Exercise
What lines of the data below hold "height"? Show them.

Dataset excerpts
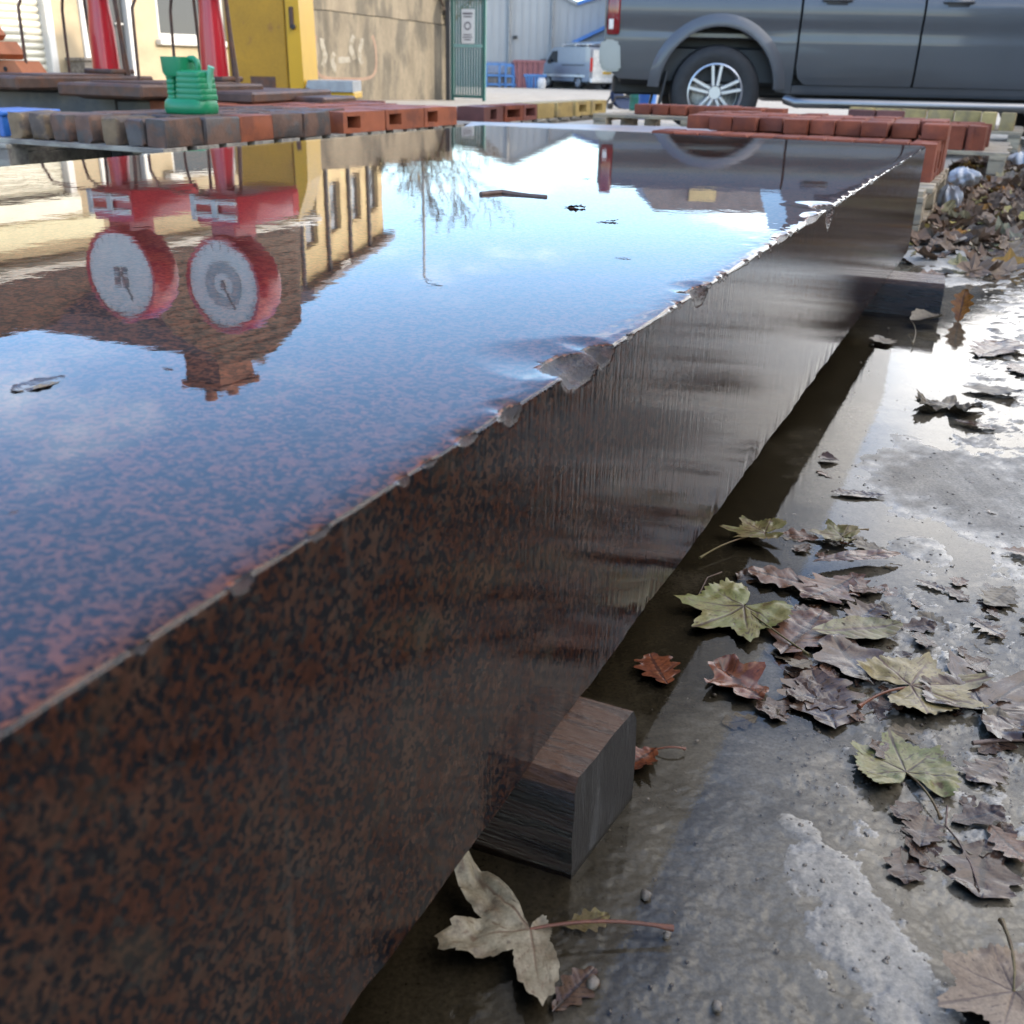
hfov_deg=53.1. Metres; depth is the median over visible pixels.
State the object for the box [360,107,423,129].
brick
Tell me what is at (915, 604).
leaf scrap
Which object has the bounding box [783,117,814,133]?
brick
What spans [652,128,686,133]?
brick
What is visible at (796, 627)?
fallen leaf
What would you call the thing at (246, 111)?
brick
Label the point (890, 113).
brick
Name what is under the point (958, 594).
leaf scrap
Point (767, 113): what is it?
brick
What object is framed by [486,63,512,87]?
wire stillage
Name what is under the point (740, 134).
brick
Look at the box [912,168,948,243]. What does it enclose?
wooden pallet
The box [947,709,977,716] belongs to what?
leaf scrap
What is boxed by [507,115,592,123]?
wooden pallet
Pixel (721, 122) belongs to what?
brick
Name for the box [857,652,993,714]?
fallen leaf
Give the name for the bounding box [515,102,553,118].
brick
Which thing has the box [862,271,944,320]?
timber bearer
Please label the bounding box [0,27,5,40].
clay block
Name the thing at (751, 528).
fallen leaf
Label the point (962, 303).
fallen leaf
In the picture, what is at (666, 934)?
pebble
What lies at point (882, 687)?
leaf scrap
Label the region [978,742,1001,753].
leaf scrap
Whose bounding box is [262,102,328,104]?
brick
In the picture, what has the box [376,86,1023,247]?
ground
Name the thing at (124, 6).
door
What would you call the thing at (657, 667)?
fallen leaf
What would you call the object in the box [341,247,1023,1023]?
pavement
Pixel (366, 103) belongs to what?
brick
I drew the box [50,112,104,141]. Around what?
brick
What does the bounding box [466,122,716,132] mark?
plywood sheet
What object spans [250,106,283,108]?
brick
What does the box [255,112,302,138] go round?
brick
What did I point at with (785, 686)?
leaf scrap
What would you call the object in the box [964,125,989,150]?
brick
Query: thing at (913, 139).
brick
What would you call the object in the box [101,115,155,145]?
brick
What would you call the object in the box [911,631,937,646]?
leaf scrap
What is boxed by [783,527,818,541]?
leaf scrap
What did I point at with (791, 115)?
brick
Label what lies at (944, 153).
brick
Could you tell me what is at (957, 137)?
brick
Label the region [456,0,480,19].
bare tree
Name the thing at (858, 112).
brick
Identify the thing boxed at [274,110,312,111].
brick
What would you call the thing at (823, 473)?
leaf scrap
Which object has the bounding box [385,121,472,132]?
wooden pallet
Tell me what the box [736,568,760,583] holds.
leaf scrap
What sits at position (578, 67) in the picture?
van
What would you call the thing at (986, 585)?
leaf scrap
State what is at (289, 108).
brick
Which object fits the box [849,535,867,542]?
leaf scrap
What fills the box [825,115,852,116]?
brick
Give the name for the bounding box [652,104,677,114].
brick
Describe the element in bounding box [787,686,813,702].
leaf scrap
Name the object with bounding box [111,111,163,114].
brick
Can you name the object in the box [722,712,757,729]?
leaf scrap
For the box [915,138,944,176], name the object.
brick
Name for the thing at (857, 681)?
leaf scrap
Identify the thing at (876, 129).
brick
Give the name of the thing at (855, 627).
fallen leaf
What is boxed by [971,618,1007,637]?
fallen leaf
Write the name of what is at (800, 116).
brick
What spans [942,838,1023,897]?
fallen leaf
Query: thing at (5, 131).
blue crate
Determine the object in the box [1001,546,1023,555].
fallen leaf
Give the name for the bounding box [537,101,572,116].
brick
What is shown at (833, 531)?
fallen leaf
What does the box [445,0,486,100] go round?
palisade gate
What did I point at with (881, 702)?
leaf scrap
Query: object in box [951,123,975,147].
brick
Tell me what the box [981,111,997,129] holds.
brick
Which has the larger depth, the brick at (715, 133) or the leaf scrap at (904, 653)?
the brick at (715, 133)
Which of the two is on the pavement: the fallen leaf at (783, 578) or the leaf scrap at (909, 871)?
the leaf scrap at (909, 871)
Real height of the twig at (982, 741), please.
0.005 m
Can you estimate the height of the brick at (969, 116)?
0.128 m
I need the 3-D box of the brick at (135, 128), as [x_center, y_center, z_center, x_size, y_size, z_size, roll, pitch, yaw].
[-1.507,-1.609,4.334,0.101,0.114,0.257,12,26,23]
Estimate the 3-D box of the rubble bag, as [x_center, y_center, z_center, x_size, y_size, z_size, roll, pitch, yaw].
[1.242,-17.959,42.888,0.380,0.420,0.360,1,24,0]
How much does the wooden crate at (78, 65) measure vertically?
0.560 m
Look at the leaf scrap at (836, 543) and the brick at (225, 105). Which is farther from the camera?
the brick at (225, 105)
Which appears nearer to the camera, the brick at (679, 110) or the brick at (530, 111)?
the brick at (679, 110)
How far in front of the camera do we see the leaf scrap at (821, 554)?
1.34 m
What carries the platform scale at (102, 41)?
on the timber baulk
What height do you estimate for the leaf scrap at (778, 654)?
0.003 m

Answer box
Real height of the twig at (982, 741), please.
Can you estimate the height of the brick at (969, 116)?
What height do you estimate for the leaf scrap at (778, 654)?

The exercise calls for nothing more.